TRY IT —
Lift out each line of the data that holds "reads".

= = = =

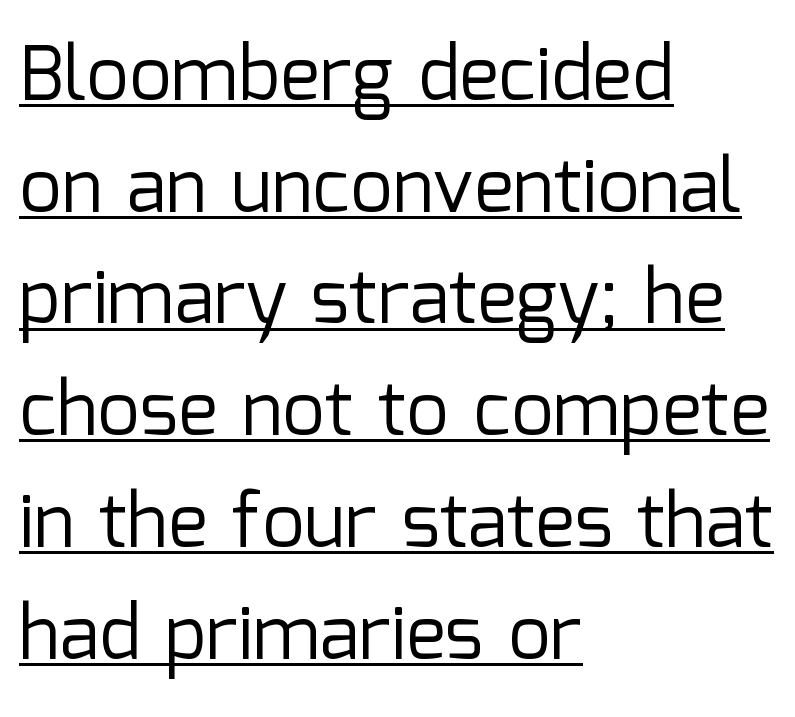
The image shows 75 px regular-weight sans-serif type, upright; set left-aligned, normal line spacing (1.49x), normal letter spacing, underlined; low stroke contrast and a medium x-height.
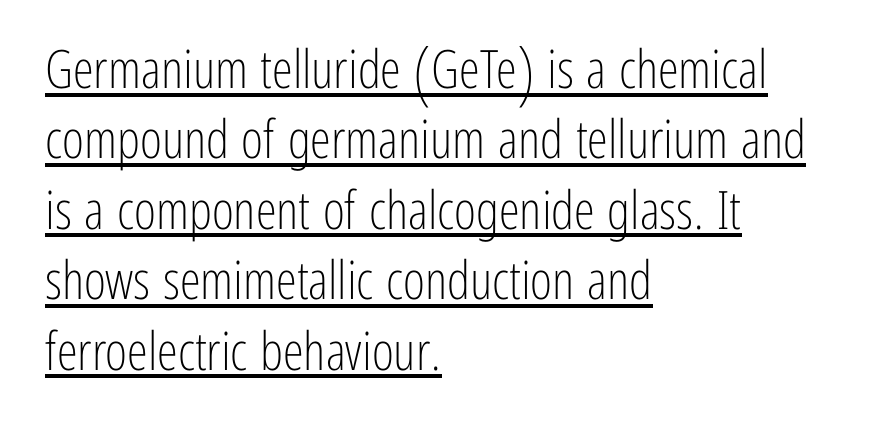
No chunkiness to these letters — they're not bold. The font family rendered here belongs to the sans-serif group. The lettering holds an erect, upright posture throughout. These lines sit exactly where default settings would place them. There is no visible air inserted between adjacent glyphs. Is this a fixed-width face? No — the glyphs have proportional, varying widths.
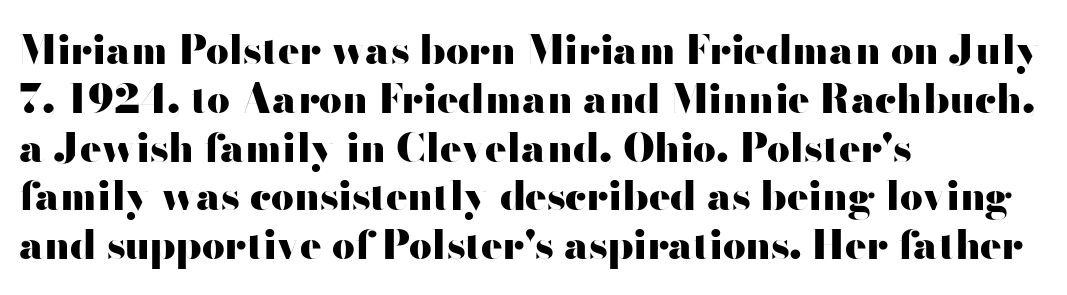
{"italic": "no", "bold": "yes", "weight": "heavy", "width": "wide", "stroke_contrast": "high", "x_height": "small", "monospaced": "no", "underline": "no", "align": "left", "line_spacing_ratio": 1.22, "letter_spacing": "normal", "letter_spacing_em": 0.0, "glyph_px": 40}
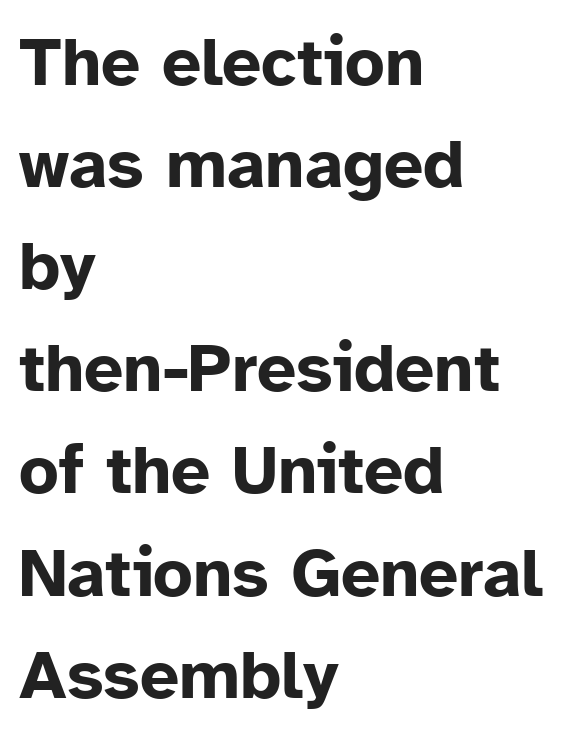
Layout note: lines flush left. The tracking reads as untouched default to a designer's eye. Quick note: underline off. The lines sit at an ordinary, default distance from one another.
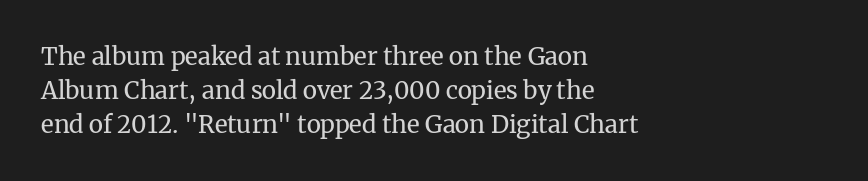
The image shows 24 px text type, upright; set left-aligned, normal line spacing (1.41x), normal letter spacing, not underlined.
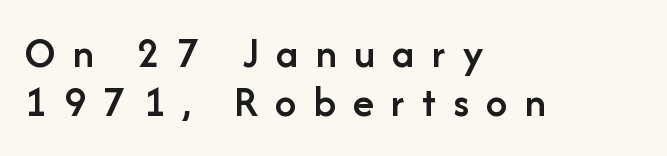
The image shows 43 px semibold sans-serif type, upright; set left-aligned, tight line spacing (1.15x), unusually wide letter spacing (+0.4 em), not underlined; low stroke contrast and a medium x-height.
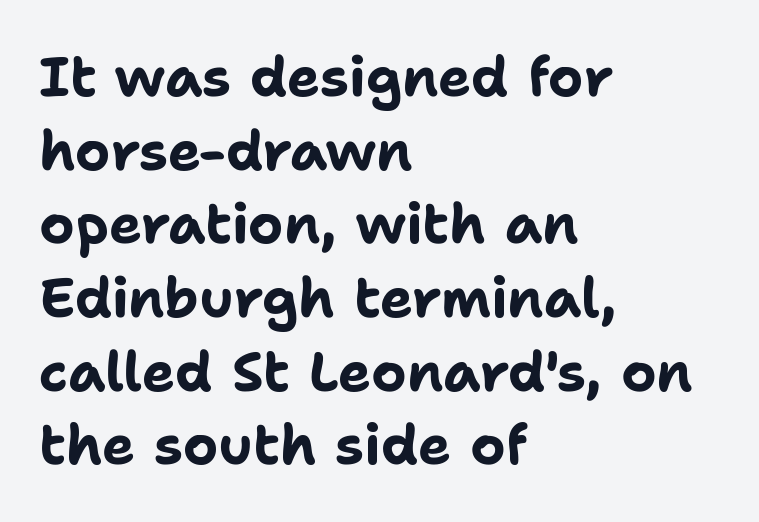
The image shows 55 px bold sans-serif type, upright; set left-aligned, normal line spacing (1.34x), normal letter spacing, not underlined; low stroke contrast and a medium x-height.
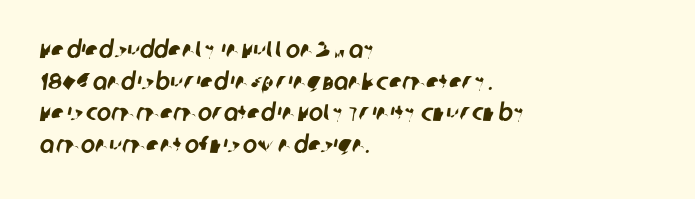
The image shows 24 px text type; set left-aligned, normal line spacing (1.32x), normal letter spacing, not underlined.
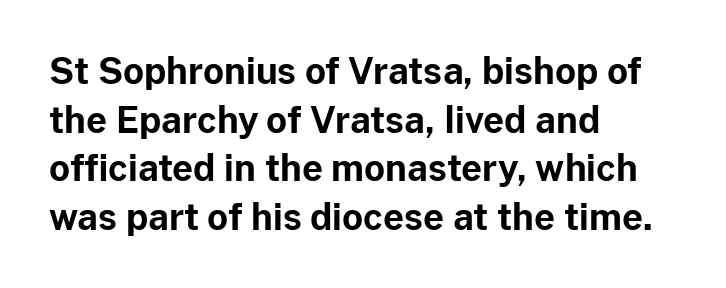
{"serif": "no", "italic": "no", "bold": "yes", "weight": "bold", "width": "normal", "stroke_contrast": "low", "x_height": "medium", "monospaced": "no", "underline": "no", "align": "left", "line_spacing": "normal", "line_spacing_ratio": 1.35, "letter_spacing": "normal", "letter_spacing_em": 0.0, "glyph_px": 36}
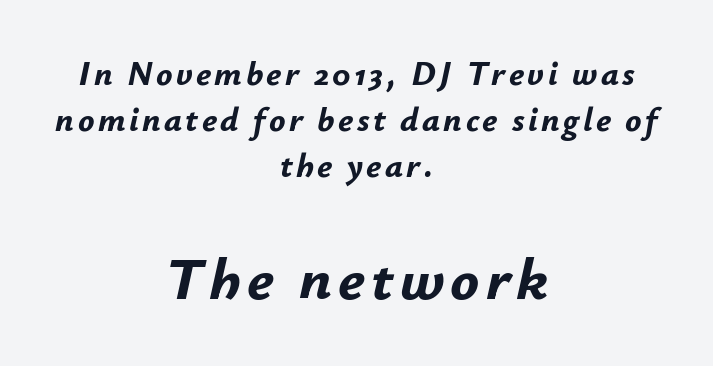
Q: Is the text bold? A: Yes.
Q: Is the text italic (slanted)? A: Yes, it leans right by about 12 degrees.
Q: Is the text underlined? A: No.
Q: How is the paragraph aligned? A: Centered.
Q: Is the spacing between lines tight, normal or loose? A: Normal.
Q: Which block of text is set in a larger size, the first (top) or the second (bottom)? A: The second (bottom) one.
Q: Width (condensed, normal, or wide)? A: Normal.
Q: Stroke contrast? A: Low.
Q: x-height? A: Small.
Q: Monospaced? A: No.
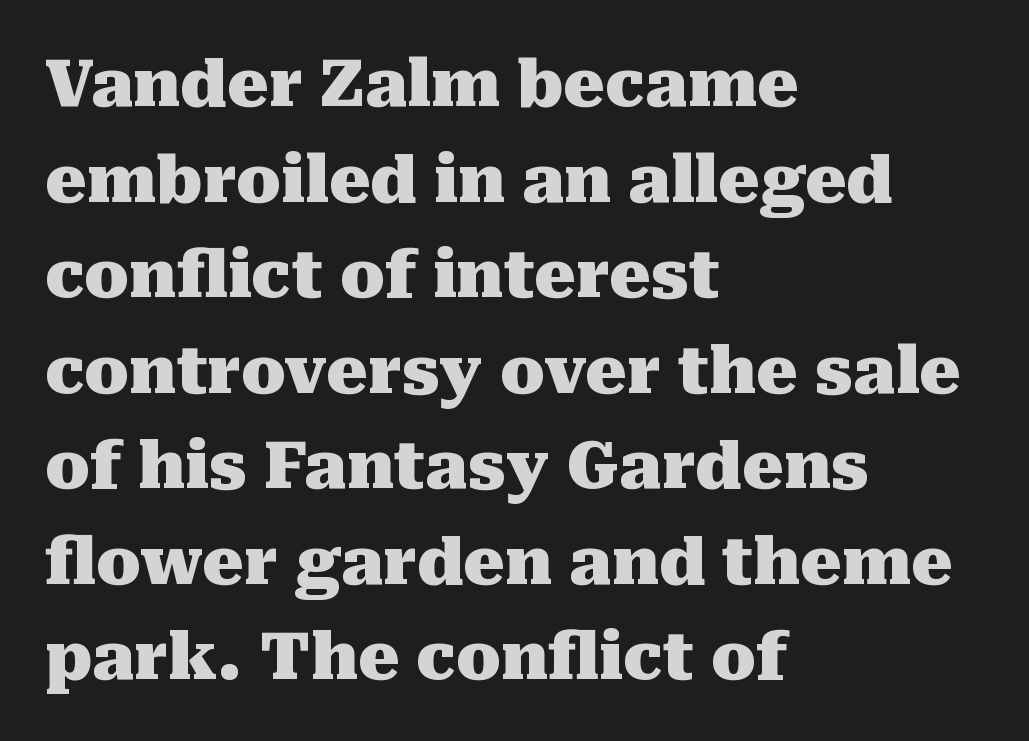
Check the space under the baseline: it is left empty. This sample keeps an unexceptional amount of space between lines. Honestly, the letter spacing is just normal — you wouldn't notice it. Does the type have serifs? Yes, each stem ends in a small foot. This rendering uses left alignment, leaving the right contour irregular. The specimen reads as upright at a glance.
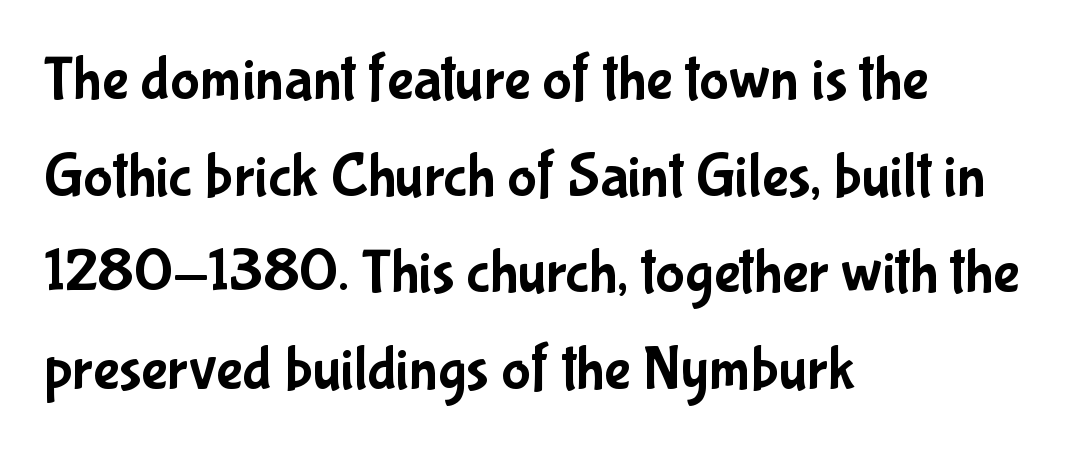
{"serif": "no", "italic": "no", "width": "condensed", "stroke_contrast": "low", "x_height": "medium", "monospaced": "no", "underline": "no", "align": "left", "line_spacing": "normal", "line_spacing_ratio": 1.56, "letter_spacing": "normal", "letter_spacing_em": 0.0, "glyph_px": 62}
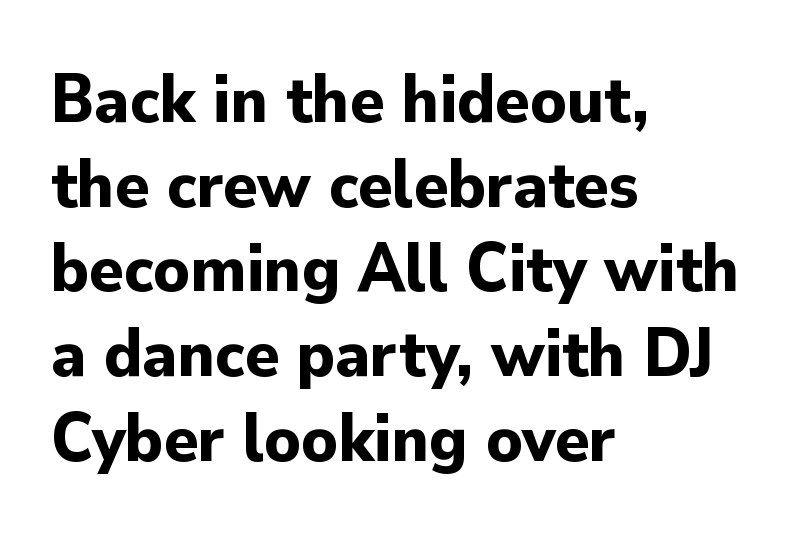
Q: Is the text bold? A: Yes.
Q: Is the text italic (slanted)? A: No, it is upright.
Q: Is the typeface a serif or a sans-serif typeface? A: Sans-serif.
Q: Is the text underlined? A: No.
Q: How is the paragraph aligned? A: Left-aligned.
Q: Is the spacing between letters normal or unusually wide? A: Normal.
Q: Width (condensed, normal, or wide)? A: Normal.
Q: Stroke contrast? A: Low.
Q: x-height? A: Small.
Q: Monospaced? A: No.
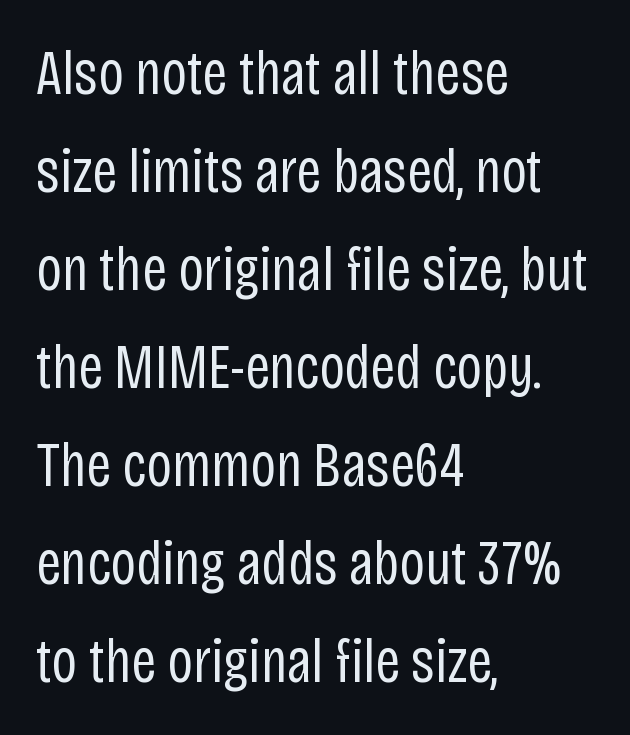
Q: Is the text bold? A: No.
Q: Is the text italic (slanted)? A: No, it is upright.
Q: Is the typeface a serif or a sans-serif typeface? A: Sans-serif.
Q: Is the text underlined? A: No.
Q: How is the paragraph aligned? A: Left-aligned.
Q: Is the spacing between letters normal or unusually wide? A: Normal.
Q: Is the spacing between lines tight, normal or loose? A: Normal.
Q: Width (condensed, normal, or wide)? A: Condensed.
Q: Stroke contrast? A: Low.
Q: x-height? A: Large.
Q: Monospaced? A: No.

= = = =

RESULT FOR THIS TASK —
Layout note: lines flush left. The tracking reads as untouched default to a designer's eye. Quick note: underline off. The lines sit at an ordinary, default distance from one another.
Check the space under the baseline: it is left empty. This sample keeps an unexceptional amount of space between lines. Honestly, the letter spacing is just normal — you wouldn't notice it. Does the type have serifs? Yes, each stem ends in a small foot. This rendering uses left alignment, leaving the right contour irregular. The specimen reads as upright at a glance.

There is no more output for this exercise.